Results from reprex():
Using select:
llibrary(tidyverse)
library(stringr)
library(nycflights13)
set.seed(12)
test <-
sample_n(flights, 1000)
flts <- aggregate(flight ~ carrier, paste, data = test, collapse = ",")
str(flts)
#> 'data.frame': 14 obs. of 2 variables:
#> $ carrier: chr "9E" "AA" "AS" "B6" ...
#> $ flight : chr "4023,2906,4135,3807,3459,3443,3525,4192,2934,3445,4120,3913,3367,4065,3992,3970,3400,3311,4220,3540,3367,4120,2"| __truncated__
flts %>%
select(flight) %>%
str_split(",")
#> [[1]]
#> [1] "c(\"4023" "2906" "4135" "3807" "3459"
#> [6] "3443" "3525" "4192" "2934" "3445"
#> [11] "4120" "3913" "3367" "4065" "3992"
#> [16] "3970" "3400" "3311" "4220" "3540"

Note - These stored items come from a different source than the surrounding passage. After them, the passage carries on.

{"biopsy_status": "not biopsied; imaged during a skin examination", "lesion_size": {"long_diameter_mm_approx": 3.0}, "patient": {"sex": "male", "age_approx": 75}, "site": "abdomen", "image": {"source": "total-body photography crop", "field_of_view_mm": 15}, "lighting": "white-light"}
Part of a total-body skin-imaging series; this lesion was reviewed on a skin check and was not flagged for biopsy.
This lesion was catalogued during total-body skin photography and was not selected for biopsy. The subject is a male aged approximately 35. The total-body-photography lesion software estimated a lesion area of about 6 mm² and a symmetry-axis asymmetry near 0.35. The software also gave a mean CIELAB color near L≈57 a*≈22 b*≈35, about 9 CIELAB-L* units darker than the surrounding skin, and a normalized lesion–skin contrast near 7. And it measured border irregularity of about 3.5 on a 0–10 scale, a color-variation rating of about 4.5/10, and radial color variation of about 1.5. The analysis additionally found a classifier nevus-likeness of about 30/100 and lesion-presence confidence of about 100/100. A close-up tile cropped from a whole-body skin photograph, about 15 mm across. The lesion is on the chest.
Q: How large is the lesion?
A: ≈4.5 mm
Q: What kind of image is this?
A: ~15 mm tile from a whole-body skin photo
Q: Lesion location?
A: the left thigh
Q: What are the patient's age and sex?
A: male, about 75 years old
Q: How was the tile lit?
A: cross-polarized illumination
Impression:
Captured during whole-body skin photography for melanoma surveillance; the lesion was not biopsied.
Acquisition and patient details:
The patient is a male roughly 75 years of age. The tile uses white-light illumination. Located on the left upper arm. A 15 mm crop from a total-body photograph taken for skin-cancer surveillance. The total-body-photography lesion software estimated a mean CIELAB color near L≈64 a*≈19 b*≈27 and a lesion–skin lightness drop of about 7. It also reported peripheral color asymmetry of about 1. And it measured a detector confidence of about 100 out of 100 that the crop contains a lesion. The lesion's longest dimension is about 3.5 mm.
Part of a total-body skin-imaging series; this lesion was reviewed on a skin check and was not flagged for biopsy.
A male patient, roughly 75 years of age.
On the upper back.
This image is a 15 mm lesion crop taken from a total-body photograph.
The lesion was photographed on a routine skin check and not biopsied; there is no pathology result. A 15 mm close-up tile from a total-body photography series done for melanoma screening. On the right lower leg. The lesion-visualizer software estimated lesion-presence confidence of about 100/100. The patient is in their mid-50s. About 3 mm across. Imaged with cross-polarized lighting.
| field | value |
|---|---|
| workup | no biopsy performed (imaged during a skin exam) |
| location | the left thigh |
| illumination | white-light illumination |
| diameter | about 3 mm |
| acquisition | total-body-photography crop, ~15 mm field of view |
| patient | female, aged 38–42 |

#> [21] "3367" "4120" "2908" "3310" "3357"
#> [26] "4305" "4060" "3319" "3393" "4220"
#> [31] "2912" "3321" "3353" "4127" "4178"
#> [36] "3881" "4178" "3304" "3523" "3538"

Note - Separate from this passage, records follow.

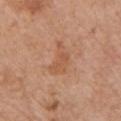| field | value |
|---|---|
| biopsy status | no biopsy performed (imaged during a skin exam) |
| subject | male, in their 80s |
| image-analysis metrics | an area of roughly 6 mm², an eccentricity of roughly 0.85, and a symmetry-axis asymmetry near 0.5; a classifier nevus-likeness of about 0/100 and lesion-presence confidence of about 100/100 |
| illumination | white-light illumination |
| acquisition | ~15 mm tile from a whole-body skin photo |
| body site | the chest |
| lesion size | about 4.5 mm |
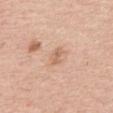Impression:
No biopsy was performed on this lesion — it was imaged during a full skin examination and was not determined to be concerning.
Acquisition and patient details:
This is a white-light tile. A lesion tile, about 15 mm wide, cut from a 3D total-body photograph. On the upper back. A male patient aged around 60.
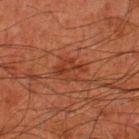Clinical summary: The lesion is on the left lower leg. The lesion-visualizer software estimated border irregularity of about 3.5 on a 0–10 scale, a within-lesion color-variation index near 3.5/10, and peripheral color asymmetry of about 1. It also reported a classifier nevus-likeness of about 5/100. Captured under cross-polarized illumination. This image is a 15 mm lesion crop taken from a total-body photograph. A male patient aged 78 to 82. The recorded lesion diameter is about 3.5 mm.
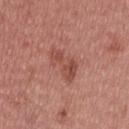Clinical impression:
The lesion was photographed on a routine skin check and not biopsied; there is no pathology result.
Background:
This image is a 15 mm lesion crop taken from a total-body photograph. About 4.5 mm across. A male subject, aged 28–32. This is a white-light tile. Automated image analysis of the tile measured two-axis asymmetry of about 0.5. The software also gave a lesion–skin lightness drop of about 9 and a normalized lesion–skin contrast near 6.5. The software also gave a border-irregularity rating of about 6/10, a color-variation rating of about 3.5/10, and peripheral color asymmetry of about 1.5.
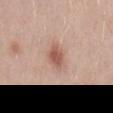<tbp_lesion>
  <biopsy_status>not biopsied; imaged during a skin examination</biopsy_status>
  <lesion_size>
    <long_diameter_mm_approx>3.0</long_diameter_mm_approx>
  </lesion_size>
  <image>
    <source>total-body photography crop</source>
    <field_of_view_mm>15</field_of_view_mm>
  </image>
  <patient>
    <sex>male</sex>
    <age_approx>40</age_approx>
  </patient>
  <lighting>white-light</lighting>
  <automated_metrics>
    <area_mm2_approx>5.5</area_mm2_approx>
    <eccentricity>0.7</eccentricity>
    <shape_asymmetry>0.25</shape_asymmetry>
    <cielab_L>56</cielab_L>
    <cielab_a>22</cielab_a>
    <cielab_b>27</cielab_b>
    <vs_skin_darker_L>11.0</vs_skin_darker_L>
    <vs_skin_contrast_norm>7.5</vs_skin_contrast_norm>
    <nevus_likeness_0_100>85</nevus_likeness_0_100>
    <lesion_detection_confidence_0_100>100</lesion_detection_confidence_0_100>
  </automated_metrics>
  <site>mid back</site>
</tbp_lesion>
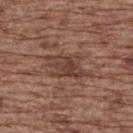Impression: Part of a total-body skin-imaging series; this lesion was reviewed on a skin check and was not flagged for biopsy. Background: A female subject, roughly 75 years of age. The total-body-photography lesion software estimated a shape eccentricity near 0.85 and a symmetry-axis asymmetry near 0.35. And it measured a mean CIELAB color near L≈41 a*≈20 b*≈24 and a lesion-to-skin contrast of about 7 (normalized; higher = more distinct). The analysis additionally found border irregularity of about 5 on a 0–10 scale and internal color variation of about 3.5 on a 0–10 scale. A 15 mm close-up extracted from a 3D total-body photography capture. From the upper back.

#> [41] "4275" "3795" "3325" "3410" "3855"
#> [46] "3393" "4060" "3347" "2951" "3354"
#> [51] "3439" "3470" "3910" "3405" "3623"
#> [56] "3932" "4218\"" " \"1357" "2314" "1925"
#> [61] "325" "211" "1623" "321" "1103"
#> [66] "1769" "854" "655" "1850" "1073"
#> [71] "345" "1999" "565" "2019" "269"
#> [76] "33" "715" "145" "413" "117"
...(truncated)
#' Created on 2018-03-14 by the reprex package (v0.2.0).
And using df$variable:
library(tidyverse)
library(stringr)
library(nycflights13)
set.seed(12)
test <-
sample_n(flights, 1000)
flts <- aggregate(flight ~ carrier, paste, data = test, collapse = ",")
str(flts)
#> 'data.frame': 14 obs. of 2 variables:
#> $ carrier: chr "9E" "AA" "AS" "B6" ...
#> $ flight : chr "4023,2906,4135,3807,3459,3443,3525,4192,2934,3445,4120,3913,3367,4065,3992,3970,3400,3311,4220,3540,3367,4120,2"| __truncated__
flts$flight %>%
str_split(",")
#> [[1]]
#> [1] "4023" "2906" "4135" "3807" "3459" "3443" "3525" "4192" "2934" "3445"
#> [11] "4120" "3913" "3367" "4065" "3992" "3970" "3400" "3311" "4220" "3540"
#> [21] "3367" "4120" "2908" "3310" "3357" "4305" "4060" "3319" "3393" "4220"
#> [31] "2912" "3321" "3353" "4127" "4178" "3881" "4178" "3304" "3523" "3538"
#> [41] "4275" "3795" "3325" "3410" "3855" "3393" "4060" "3347" "2951" "3354"
#> [51] "3439" "3470" "3910" "3405" "3623" "3932" "4218"
#>
#> [[2]]
#> [1] "1357" "2314" "1925" "325" "211" "1623" "321" "1103" "1769" "854"
#> [11] "655" "1850" "1073" "345" "1999" "565" "2019" "269" "33" "715"
#> [21] "145" "413" "117" "1750" "1327" "1621" "301" "1769" "172" "717"
#> [31] "2314" "371" "269" "707" "1757" "313" "731" "341" "145" "1507"
#> [41] "3" "145" "84" "145" "739" "1762" "1410" "84" "19" "305"
#> [51] "119" "307" "1999" "1709" "359" "269" "543" "300" "19" "1837"
#> [61] "1073" "133" "745" "33" "269" "59" "1709" "1145" "1223" "1357"
#> [71] "753" "1" "2279" "85" "19" "2279" "84" "1611" "753" "19"
(...truncated)
#' Created on 2018-03-14 by the reprex package (v0.2.0).